Top of Supplied material

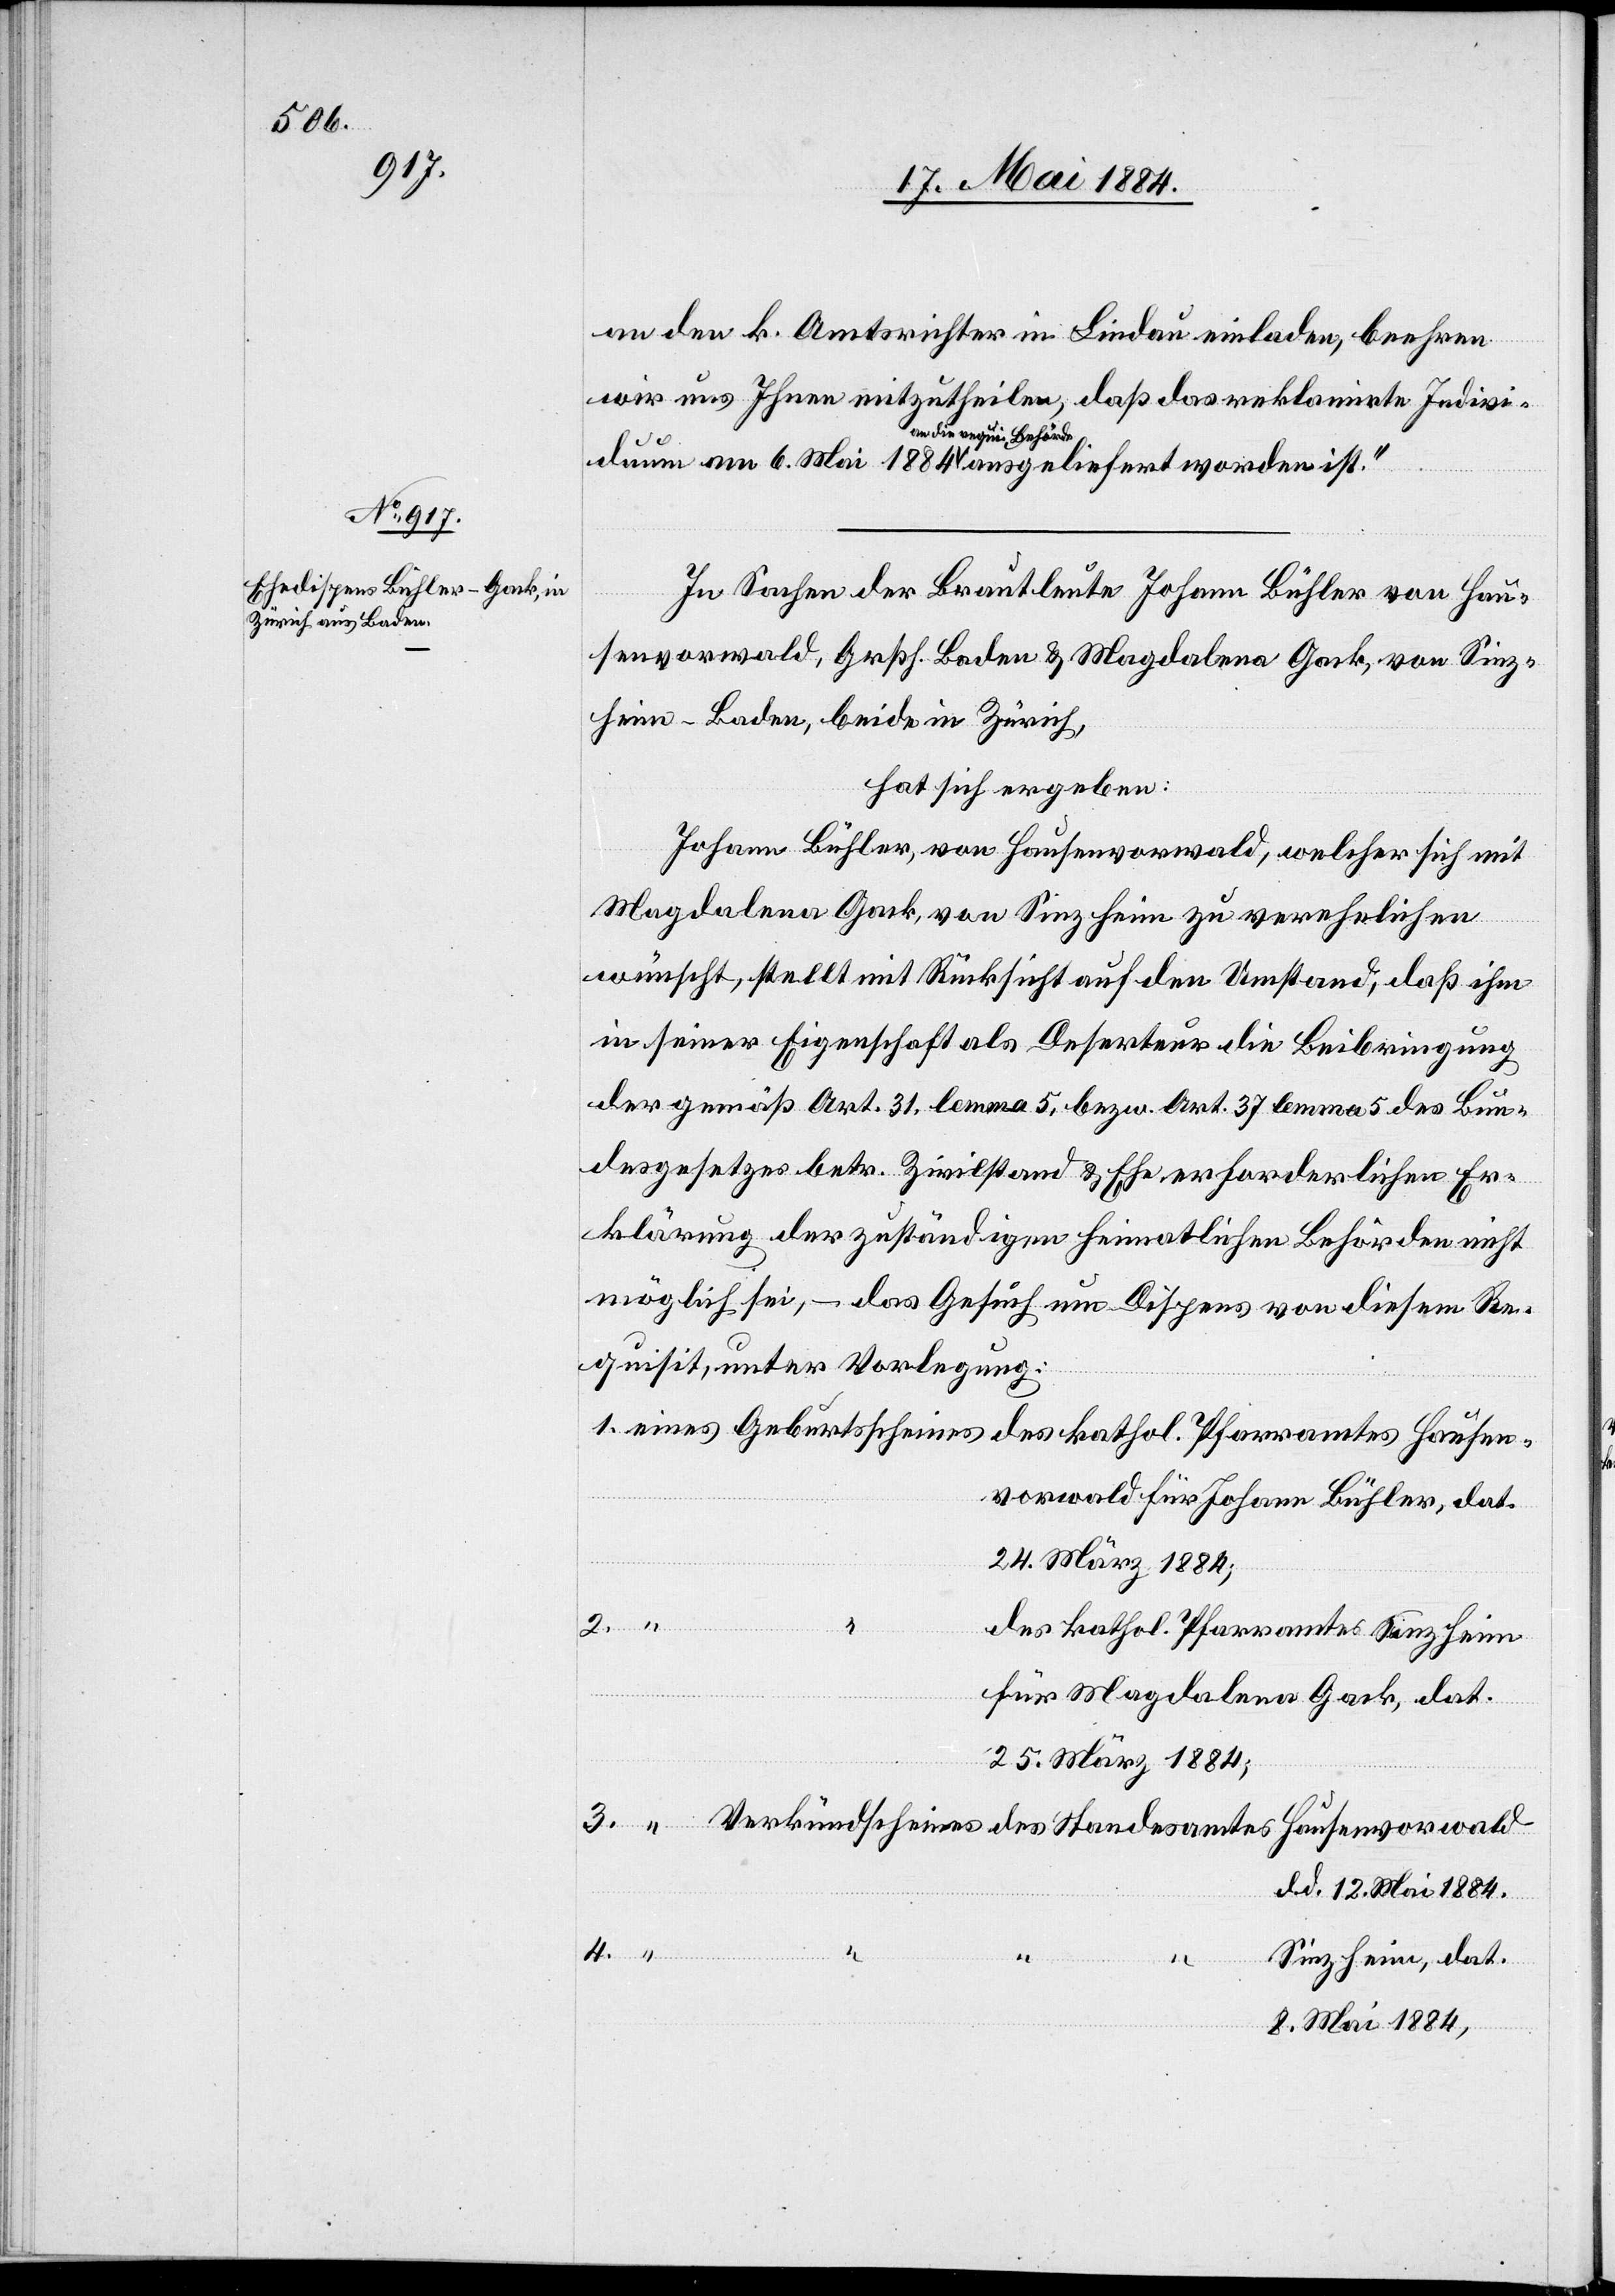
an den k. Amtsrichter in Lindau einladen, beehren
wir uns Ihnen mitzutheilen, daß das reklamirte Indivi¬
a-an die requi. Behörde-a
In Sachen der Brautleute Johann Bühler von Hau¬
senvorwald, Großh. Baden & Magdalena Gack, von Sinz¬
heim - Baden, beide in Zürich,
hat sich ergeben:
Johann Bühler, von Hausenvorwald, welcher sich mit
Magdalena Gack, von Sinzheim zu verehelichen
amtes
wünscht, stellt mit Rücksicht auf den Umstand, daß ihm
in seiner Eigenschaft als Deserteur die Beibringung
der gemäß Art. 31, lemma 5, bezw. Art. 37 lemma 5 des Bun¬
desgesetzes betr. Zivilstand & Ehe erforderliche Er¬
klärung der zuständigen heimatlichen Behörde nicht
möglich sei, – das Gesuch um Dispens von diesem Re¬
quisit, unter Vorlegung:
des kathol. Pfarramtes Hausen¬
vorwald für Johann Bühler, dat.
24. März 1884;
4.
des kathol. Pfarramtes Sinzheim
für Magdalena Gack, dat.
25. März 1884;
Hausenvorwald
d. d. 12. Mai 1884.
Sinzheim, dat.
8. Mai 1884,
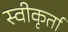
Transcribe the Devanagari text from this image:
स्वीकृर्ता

Bottom of Supplied material

• _Exercise details_
Return the entries verbatim, pictures excluded.

• _Response area_
an den k. Amtsrichter in Lindau einladen, beehren
wir uns Ihnen mitzutheilen, daß das reklamirte Indivi¬
a-an die requi. Behörde-a
In Sachen der Brautleute Johann Bühler von Hau¬
senvorwald, Großh. Baden & Magdalena Gack, von Sinz¬
heim - Baden, beide in Zürich,
hat sich ergeben:
Johann Bühler, von Hausenvorwald, welcher sich mit
Magdalena Gack, von Sinzheim zu verehelichen
amtes
wünscht, stellt mit Rücksicht auf den Umstand, daß ihm
in seiner Eigenschaft als Deserteur die Beibringung
der gemäß Art. 31, lemma 5, bezw. Art. 37 lemma 5 des Bun¬
desgesetzes betr. Zivilstand & Ehe erforderliche Er¬
klärung der zuständigen heimatlichen Behörde nicht
möglich sei, – das Gesuch um Dispens von diesem Re¬
quisit, unter Vorlegung:
des kathol. Pfarramtes Hausen¬
vorwald für Johann Bühler, dat.
24. März 1884;
4.
des kathol. Pfarramtes Sinzheim
für Magdalena Gack, dat.
25. März 1884;
Hausenvorwald
d. d. 12. Mai 1884.
Sinzheim, dat.
8. Mai 1884,
Transcribe the Devanagari text from this image:
स्वीकृर्ता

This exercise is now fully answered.